Foi com ternura que Rosana achegou-se ao garoto, tomou-lhe as mãos e pousou-as sobre as suas.
“Por que precisa explicar? O importante não é sentir, como você me disse tantas e tantas vezes neste mesmo quarto?”
Ele aborreceu-se com a lembrança, levantou-se, olhou através da janela aquele cenário tão conhecido das suas noites de insônia. Tão bom seria o mundo sem as palavras, tão boa a vida sem os pensamentos insinuando-se no sangue, irrigando os músculos, torrentes de dúvida e medo se estendendo aos gestos e perpetuando a história da aflição e da dor... Alisou os cabelos que lhe irritavam os olhos, tentando decifrar naquele silêncio repleto de grilos um segredo pelo qual efetivamente valesse a pena morrer. Ah! Quantas noites devassara assim, o corpo derreado na janela, estrelas coruscando num céu que se esvaía nas próprias e infinitas profundezas, tudo indefinido, etéreo, fascinantemente inquietante... Ah! O desejo sempre vivo de integrar-se àquele universo todo que lhe envolvia, afastar de si o ódio enorme e profundo da vida em insano movimento, penetrar em si mesmo e deixar de ser um indivíduo e tornar-se apenas uma coisa pensante, e só, só, só!

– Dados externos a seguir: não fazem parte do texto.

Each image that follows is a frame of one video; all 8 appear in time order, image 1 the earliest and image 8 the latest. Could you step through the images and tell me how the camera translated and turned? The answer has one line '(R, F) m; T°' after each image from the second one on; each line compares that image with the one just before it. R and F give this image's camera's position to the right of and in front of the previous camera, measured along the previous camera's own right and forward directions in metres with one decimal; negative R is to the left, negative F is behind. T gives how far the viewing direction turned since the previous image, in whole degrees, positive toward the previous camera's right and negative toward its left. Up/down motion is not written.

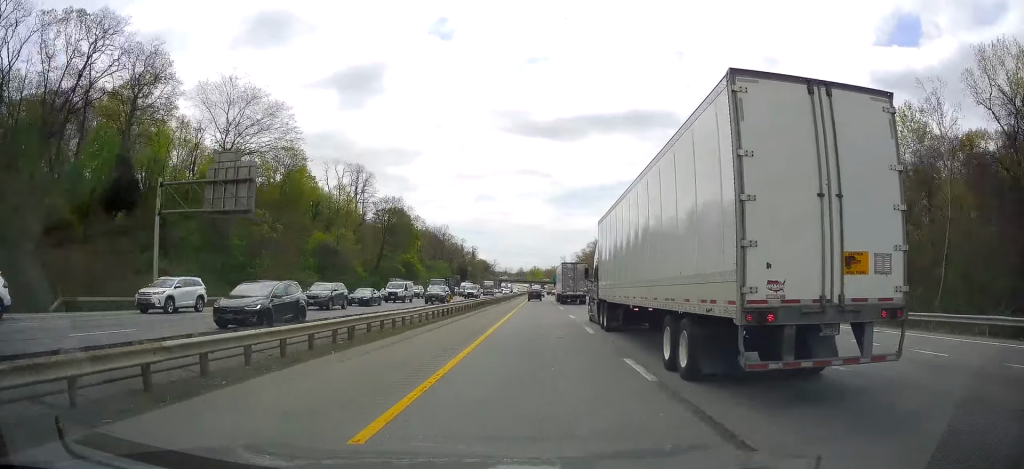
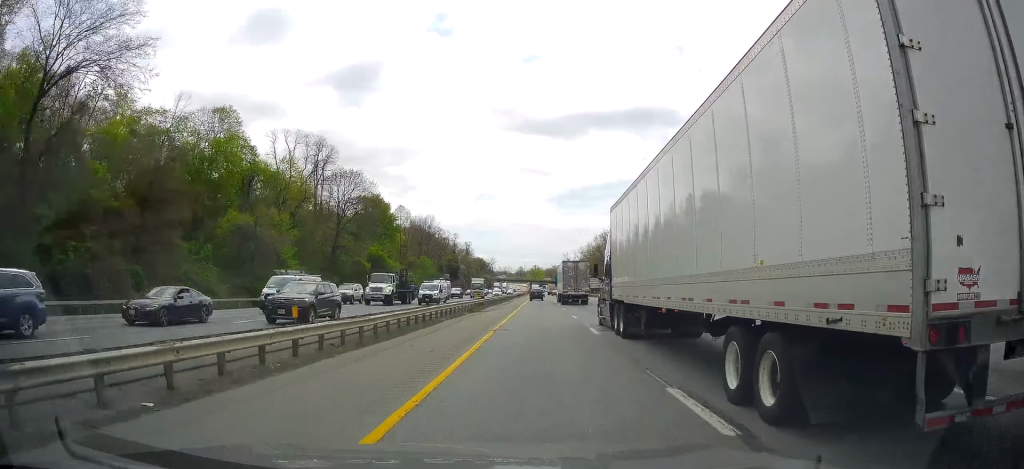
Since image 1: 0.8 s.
(-0.2, +26.1) m; -1°
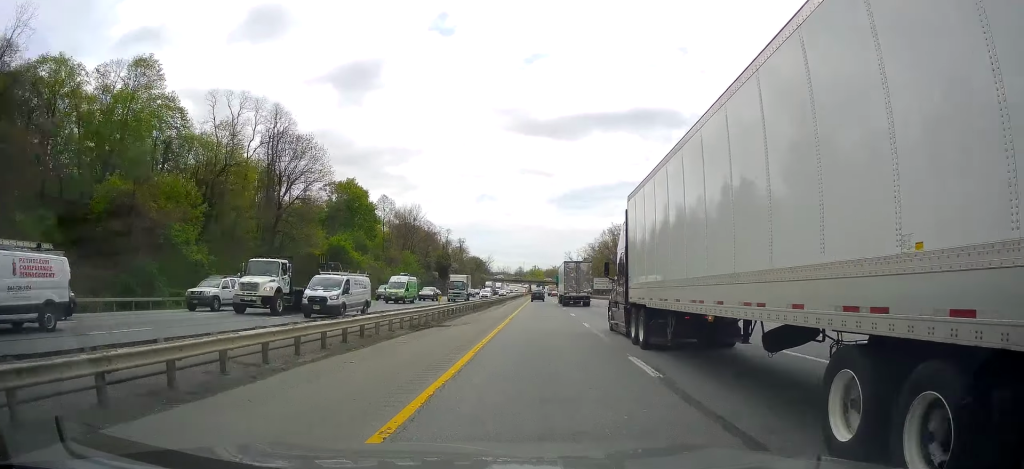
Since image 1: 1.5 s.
(-0.1, +20.9) m; 0°
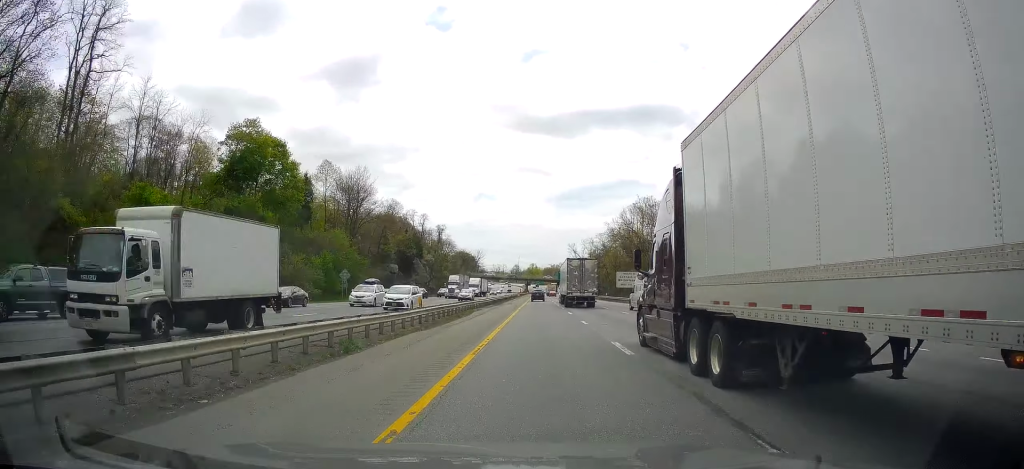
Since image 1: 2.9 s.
(+0.1, +45.0) m; +1°
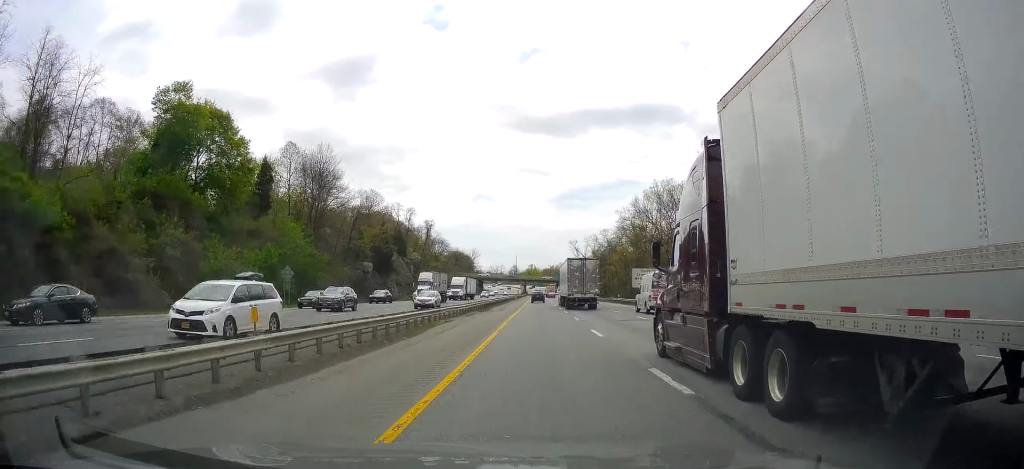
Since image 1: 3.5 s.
(+0.1, +17.9) m; 0°
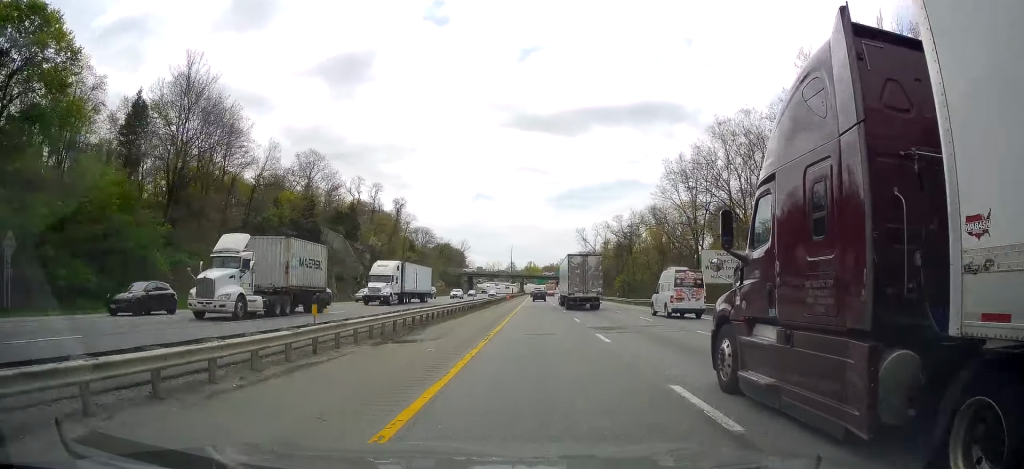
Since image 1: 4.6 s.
(0.0, +35.9) m; 0°
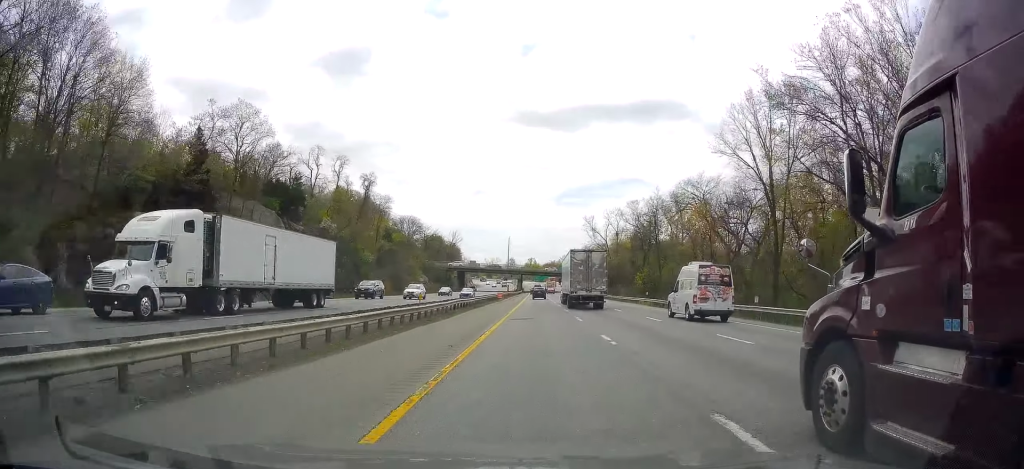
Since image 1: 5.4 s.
(-0.2, +25.4) m; 0°
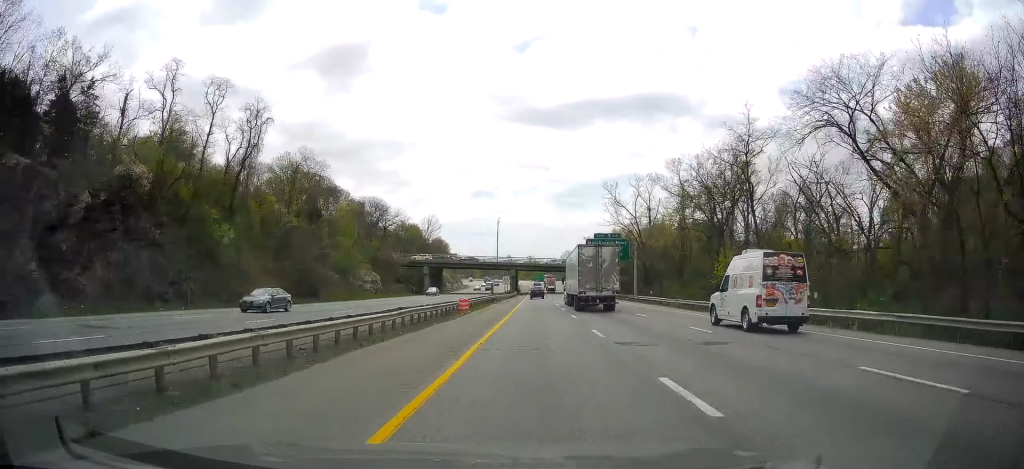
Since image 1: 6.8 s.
(+0.3, +44.9) m; 0°

Rosana levantou-se, cingiu-se ao corpo do garoto. Puxou o rosto dele contra o dela, contemplando-o de muito perto, transmitindo-lhe o seu hálito de menta em meio a um respirar levemente alterado. Ele endireitou o corpo, cingiu-lhe a cintura, esmagou-lhe os seios com a pressão de seu peito, e beijou-a com uma fúria lasciva que estava a quilômetros de distância do desejo. Ficaram enlaçados, ela com a cabeça apoiada nas espáduas dele, pensando em mil coisas, o coração irrequieto, sentindo-se prestes a desfazer-se em arrepios por sentir, apertado contra si, todo o calor daquele garoto que a intrigava e atraía – ele com a mãos acarinhando distraidamente as costas da moça, as pálpebras derreadas, tristemente preso ao contato doce da prima.
Subitamente desprendeu-se daquele enleio, afastou-a rapidamente e precipitou-se na cama, repentinamente desesperado. A garota assustou-se muito com a mudança de atitude, recuou dois passos até encontrar o parapeito da janela, de onde, os olhos atônitos, contemplou a face decomposta do primo.

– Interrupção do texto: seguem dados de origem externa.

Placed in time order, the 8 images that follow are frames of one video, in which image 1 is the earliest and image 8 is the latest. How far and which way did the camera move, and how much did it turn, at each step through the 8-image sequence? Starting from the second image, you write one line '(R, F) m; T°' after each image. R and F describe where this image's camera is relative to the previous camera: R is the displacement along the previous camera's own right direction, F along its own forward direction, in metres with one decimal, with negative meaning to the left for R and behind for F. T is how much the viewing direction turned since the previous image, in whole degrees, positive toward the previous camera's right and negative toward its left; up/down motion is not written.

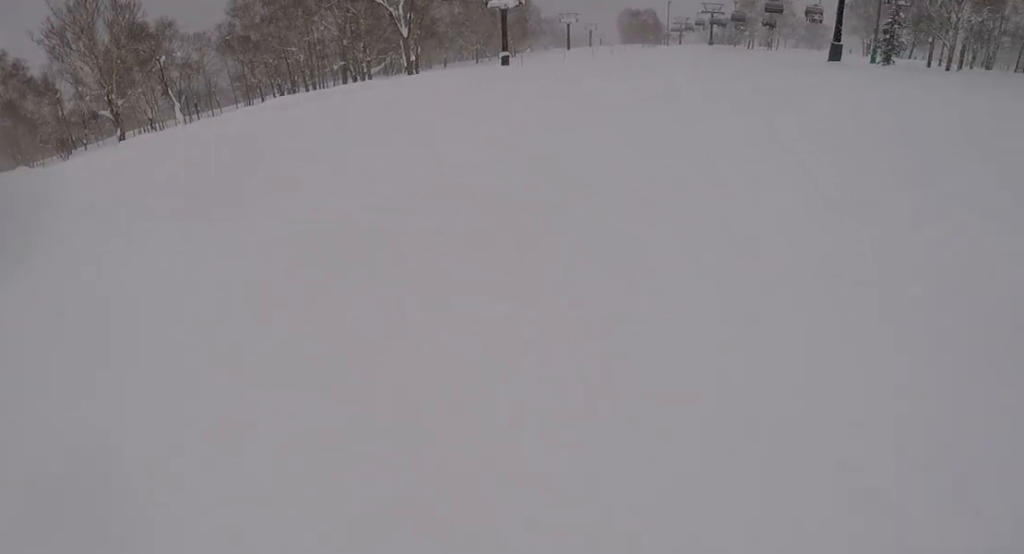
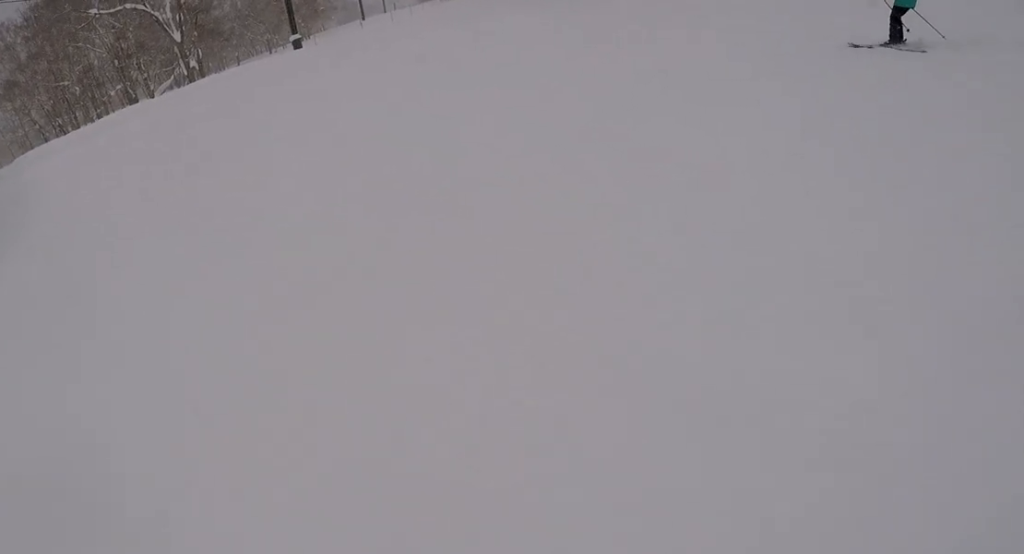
(+0.8, +6.3) m; +5°
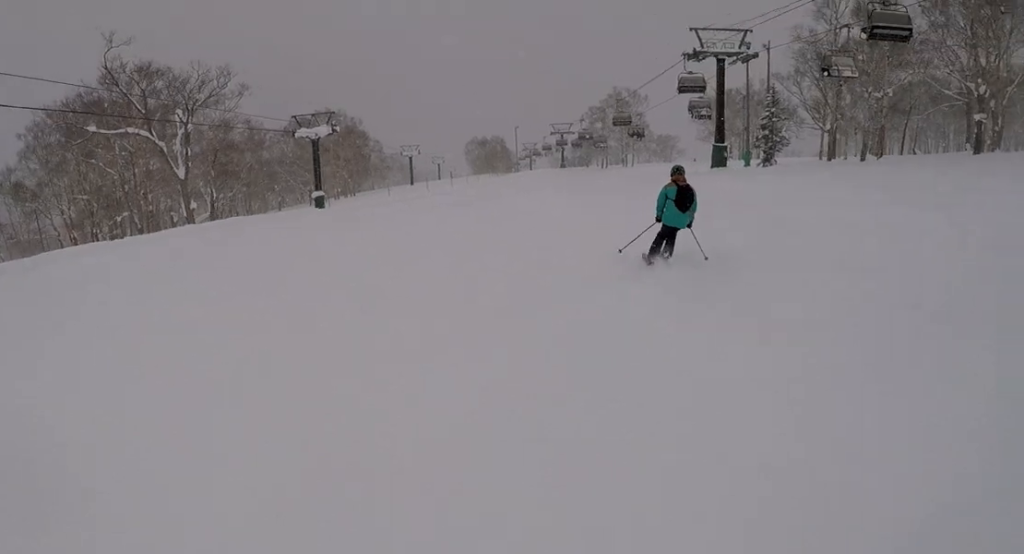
(0.0, +8.4) m; -9°
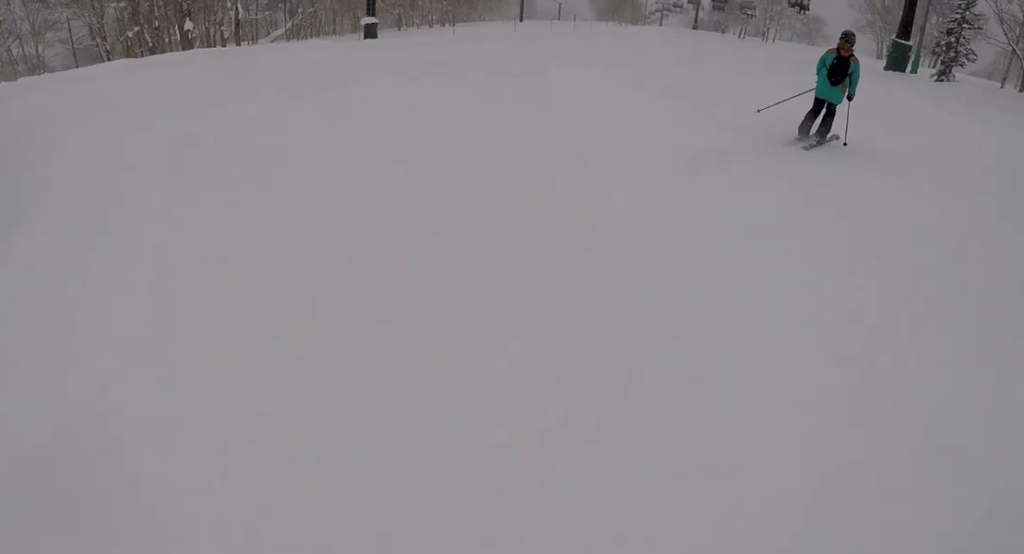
(-0.9, +11.3) m; +3°
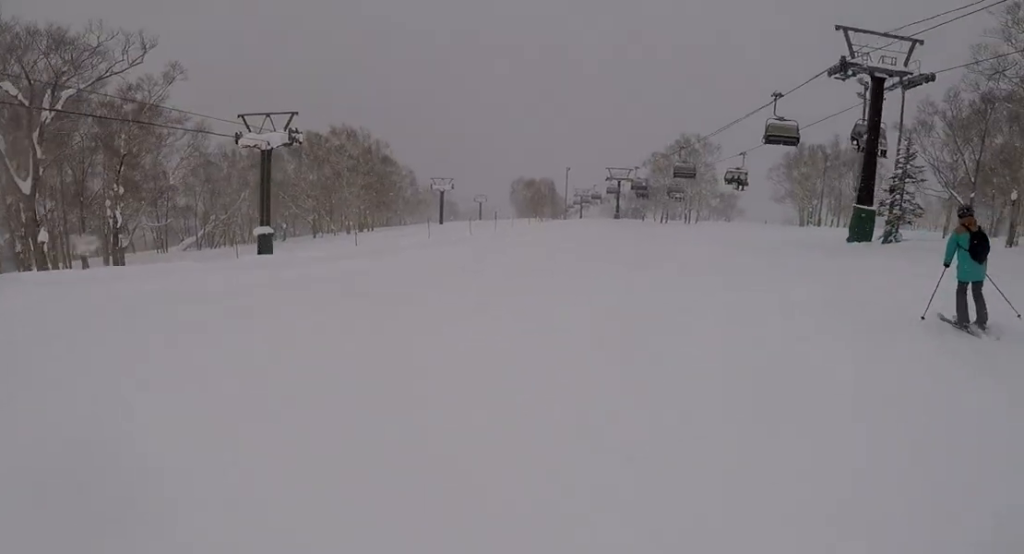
(+0.8, +6.3) m; +8°
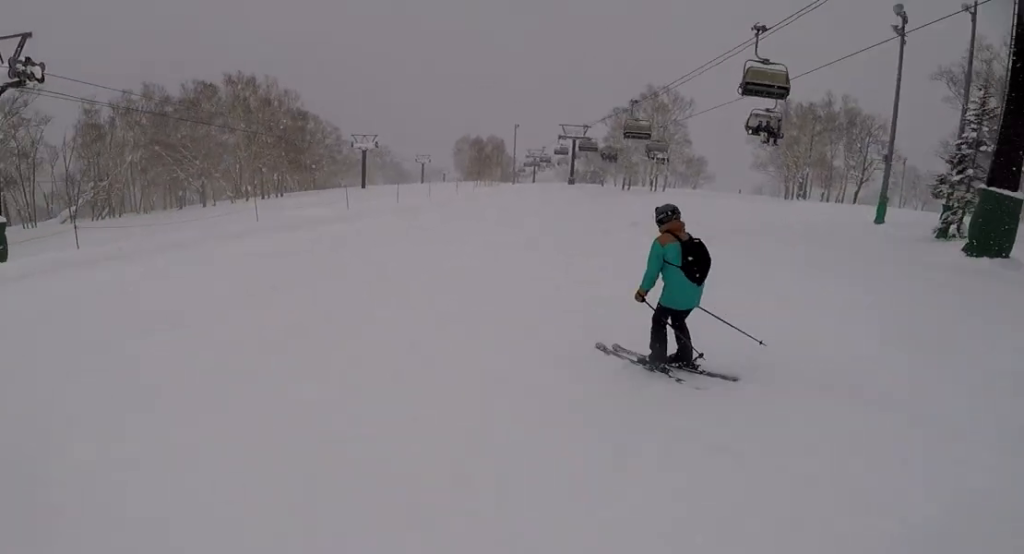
(-0.2, +14.9) m; -18°
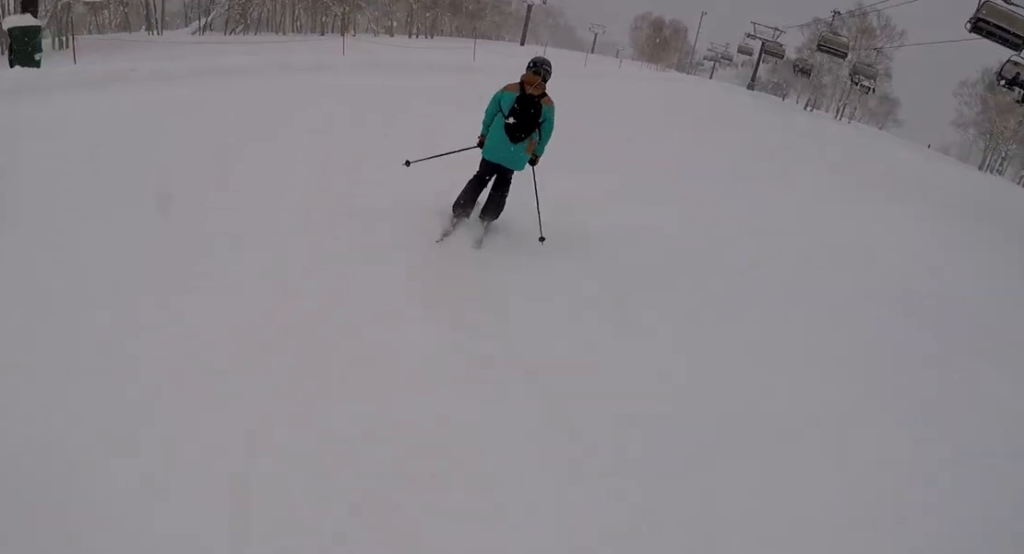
(-1.5, +4.9) m; -7°
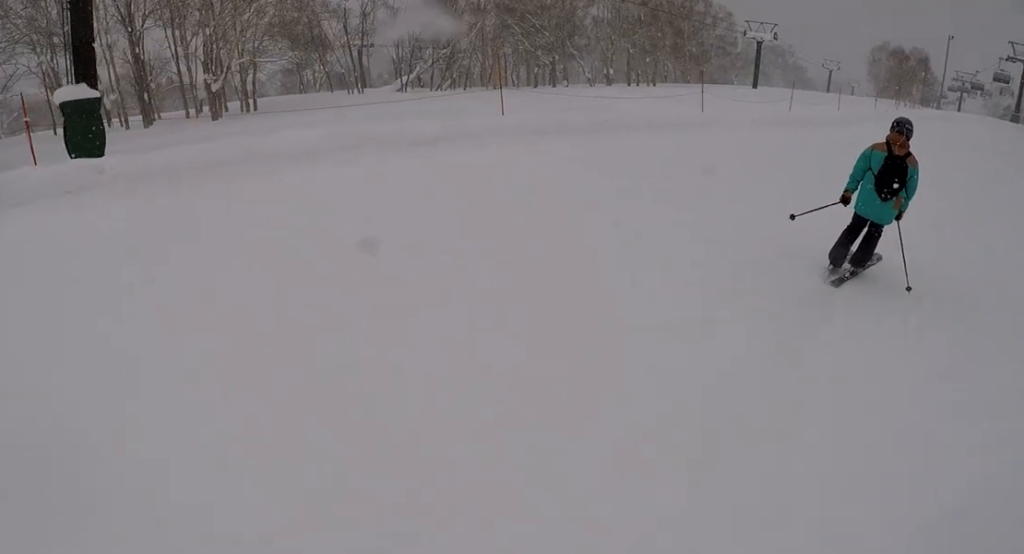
(+0.2, +7.4) m; +6°

“O que houve?”, interpelou suavemente, uma nota de carinho vibrando na voz cautelosa.
“Nada”, respondeu Carlos, a face sombria. “Quero que você vá embora já... que me deixe em paz... só isso”.
“O que eu fiz?”, retrucou a garota, melindrada. O comportamento estranho de Carlos a aborrecia muito.
“Nada... só quero que vá embora”.
Carlos deitou-se com o corpo virado para a parede, sem prestar atenção à prima, que se retirou depois de contemplá-lo ainda por um minuto. Uma aragem suave entrou no quarto, remexeu as cortinas, inquietou as resmas de papel dispostas em cima da escrivaninha, despertou o caderno que, aberto, ergueu algumas páginas numa sonolenta indagação. “Por que não consigo livrar-me desse permanente desespero? O que me leva a tratar rudemente pessoas que não possuem nenhuma culpa?” Apertou nas mãos a coberta, as unhas fazendo pressão contra a fazenda felpuda. “Oh! Não fosse essa convicção de estar representando uma farsa!”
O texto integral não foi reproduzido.